Dataset entries:
- - - - -

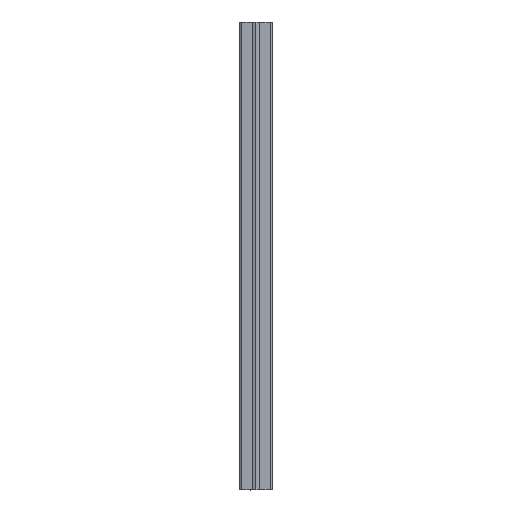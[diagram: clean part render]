
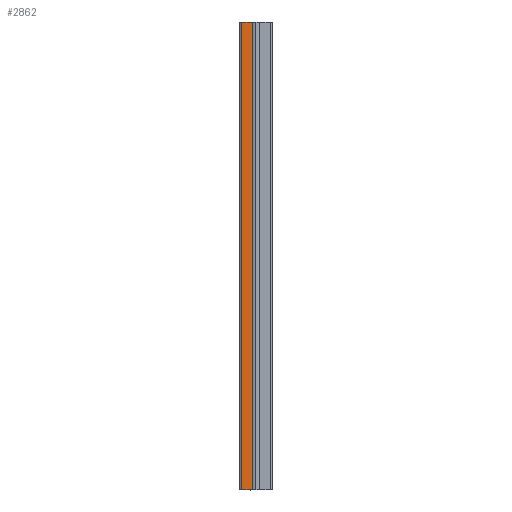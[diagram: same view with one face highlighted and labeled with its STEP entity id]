
A CAD part, left-side view. The second image highlights one B-rep face of the part: STEP entity #2862.
In plain terms, the highlighted planar face has unit normal (-1, 0, 0).
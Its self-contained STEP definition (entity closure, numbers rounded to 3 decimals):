
#46 = CARTESIAN_POINT ( 'NONE',  ( 0., 27.75, 0. ) ) ;
#410 = CARTESIAN_POINT ( 'NONE',  ( 0., 27.75, 0. ) ) ;
#420 = ORIENTED_EDGE ( 'NONE', *, *, #1381, .F. ) ;
#569 = VERTEX_POINT ( 'NONE', #1240 ) ;
#579 = DIRECTION ( 'NONE',  ( 0., 0., 1. ) ) ;
#668 = CARTESIAN_POINT ( 'NONE',  ( 0., 22.5, 0. ) ) ;
#724 = DIRECTION ( 'NONE',  ( 0., -1., 0. ) ) ;
#796 = FACE_OUTER_BOUND ( 'NONE', #1557, .T. ) ;
#1042 = LINE ( 'NONE', #668, #2950 ) ;
#1240 = CARTESIAN_POINT ( 'NONE',  ( 0., 42., 645. ) ) ;
#1248 = EDGE_CURVE ( 'NONE', #1609, #1818, #3071, .T. ) ;
#1265 = VECTOR ( 'NONE', #1569, 1000. ) ;
#1381 = EDGE_CURVE ( 'NONE', #3055, #569, #1801, .T. ) ;
#1461 = CARTESIAN_POINT ( 'NONE',  ( 0., 42., 645. ) ) ;
#1557 = EDGE_LOOP ( 'NONE', ( #1793, #2848, #1862, #420 ) ) ;
#1569 = DIRECTION ( 'NONE',  ( 0., 0., 1. ) ) ;
#1593 = AXIS2_PLACEMENT_3D ( 'NONE', #2745, #2761, #2511 ) ;
#1609 = VERTEX_POINT ( 'NONE', #410 ) ;
#1640 = LINE ( 'NONE', #1461, #2369 ) ;
#1793 = ORIENTED_EDGE ( 'NONE', *, *, #2571, .F. ) ;
#1801 = LINE ( 'NONE', #2366, #2199 ) ;
#1818 = VERTEX_POINT ( 'NONE', #2475 ) ;
#1862 = ORIENTED_EDGE ( 'NONE', *, *, #2719, .F. ) ;
#2076 = CARTESIAN_POINT ( 'NONE',  ( 0., 42., 0. ) ) ;
#2199 = VECTOR ( 'NONE', #579, 1000. ) ;
#2240 = PLANE ( 'NONE',  #1593 ) ;
#2366 = CARTESIAN_POINT ( 'NONE',  ( 0., 42., 0. ) ) ;
#2369 = VECTOR ( 'NONE', #724, 1000. ) ;
#2380 = DIRECTION ( 'NONE',  ( 0., 1., 0. ) ) ;
#2475 = CARTESIAN_POINT ( 'NONE',  ( 0., 27.75, 645. ) ) ;
#2511 = DIRECTION ( 'NONE',  ( 0., 0., 1. ) ) ;
#2571 = EDGE_CURVE ( 'NONE', #1609, #3055, #1042, .T. ) ;
#2719 = EDGE_CURVE ( 'NONE', #569, #1818, #1640, .T. ) ;
#2745 = CARTESIAN_POINT ( 'NONE',  ( 0., 22.5, 0. ) ) ;
#2761 = DIRECTION ( 'NONE',  ( -1., 0., 0. ) ) ;
#2848 = ORIENTED_EDGE ( 'NONE', *, *, #1248, .T. ) ;
#2862 = ADVANCED_FACE ( 'NONE', ( #796 ), #2240, .T. ) ;
#2950 = VECTOR ( 'NONE', #2380, 1000. ) ;
#3055 = VERTEX_POINT ( 'NONE', #2076 ) ;
#3071 = LINE ( 'NONE', #46, #1265 ) ;

- - - - -

• _Task details_: Each of the lines above should be transcribed exactly; no image is to be copied.

• _Exercise result_:
[diagram: clean part render]
[diagram: same view with one face highlighted and labeled with its STEP entity id]
A CAD part, left-side view. The second image highlights one B-rep face of the part: STEP entity #2862.
In plain terms, the highlighted planar face has unit normal (-1, 0, 0).
Its self-contained STEP definition (entity closure, numbers rounded to 3 decimals):
#46 = CARTESIAN_POINT ( 'NONE',  ( 0., 27.75, 0. ) ) ;
#410 = CARTESIAN_POINT ( 'NONE',  ( 0., 27.75, 0. ) ) ;
#420 = ORIENTED_EDGE ( 'NONE', *, *, #1381, .F. ) ;
#569 = VERTEX_POINT ( 'NONE', #1240 ) ;
#579 = DIRECTION ( 'NONE',  ( 0., 0., 1. ) ) ;
#668 = CARTESIAN_POINT ( 'NONE',  ( 0., 22.5, 0. ) ) ;
#724 = DIRECTION ( 'NONE',  ( 0., -1., 0. ) ) ;
#796 = FACE_OUTER_BOUND ( 'NONE', #1557, .T. ) ;
#1042 = LINE ( 'NONE', #668, #2950 ) ;
#1240 = CARTESIAN_POINT ( 'NONE',  ( 0., 42., 645. ) ) ;
#1248 = EDGE_CURVE ( 'NONE', #1609, #1818, #3071, .T. ) ;
#1265 = VECTOR ( 'NONE', #1569, 1000. ) ;
#1381 = EDGE_CURVE ( 'NONE', #3055, #569, #1801, .T. ) ;
#1461 = CARTESIAN_POINT ( 'NONE',  ( 0., 42., 645. ) ) ;
#1557 = EDGE_LOOP ( 'NONE', ( #1793, #2848, #1862, #420 ) ) ;
#1569 = DIRECTION ( 'NONE',  ( 0., 0., 1. ) ) ;
#1593 = AXIS2_PLACEMENT_3D ( 'NONE', #2745, #2761, #2511 ) ;
#1609 = VERTEX_POINT ( 'NONE', #410 ) ;
#1640 = LINE ( 'NONE', #1461, #2369 ) ;
#1793 = ORIENTED_EDGE ( 'NONE', *, *, #2571, .F. ) ;
#1801 = LINE ( 'NONE', #2366, #2199 ) ;
#1818 = VERTEX_POINT ( 'NONE', #2475 ) ;
#1862 = ORIENTED_EDGE ( 'NONE', *, *, #2719, .F. ) ;
#2076 = CARTESIAN_POINT ( 'NONE',  ( 0., 42., 0. ) ) ;
#2199 = VECTOR ( 'NONE', #579, 1000. ) ;
#2240 = PLANE ( 'NONE',  #1593 ) ;
#2366 = CARTESIAN_POINT ( 'NONE',  ( 0., 42., 0. ) ) ;
#2369 = VECTOR ( 'NONE', #724, 1000. ) ;
#2380 = DIRECTION ( 'NONE',  ( 0., 1., 0. ) ) ;
#2475 = CARTESIAN_POINT ( 'NONE',  ( 0., 27.75, 645. ) ) ;
#2511 = DIRECTION ( 'NONE',  ( 0., 0., 1. ) ) ;
#2571 = EDGE_CURVE ( 'NONE', #1609, #3055, #1042, .T. ) ;
#2719 = EDGE_CURVE ( 'NONE', #569, #1818, #1640, .T. ) ;
#2745 = CARTESIAN_POINT ( 'NONE',  ( 0., 22.5, 0. ) ) ;
#2761 = DIRECTION ( 'NONE',  ( -1., 0., 0. ) ) ;
#2848 = ORIENTED_EDGE ( 'NONE', *, *, #1248, .T. ) ;
#2862 = ADVANCED_FACE ( 'NONE', ( #796 ), #2240, .T. ) ;
#2950 = VECTOR ( 'NONE', #2380, 1000. ) ;
#3055 = VERTEX_POINT ( 'NONE', #2076 ) ;
#3071 = LINE ( 'NONE', #46, #1265 ) ;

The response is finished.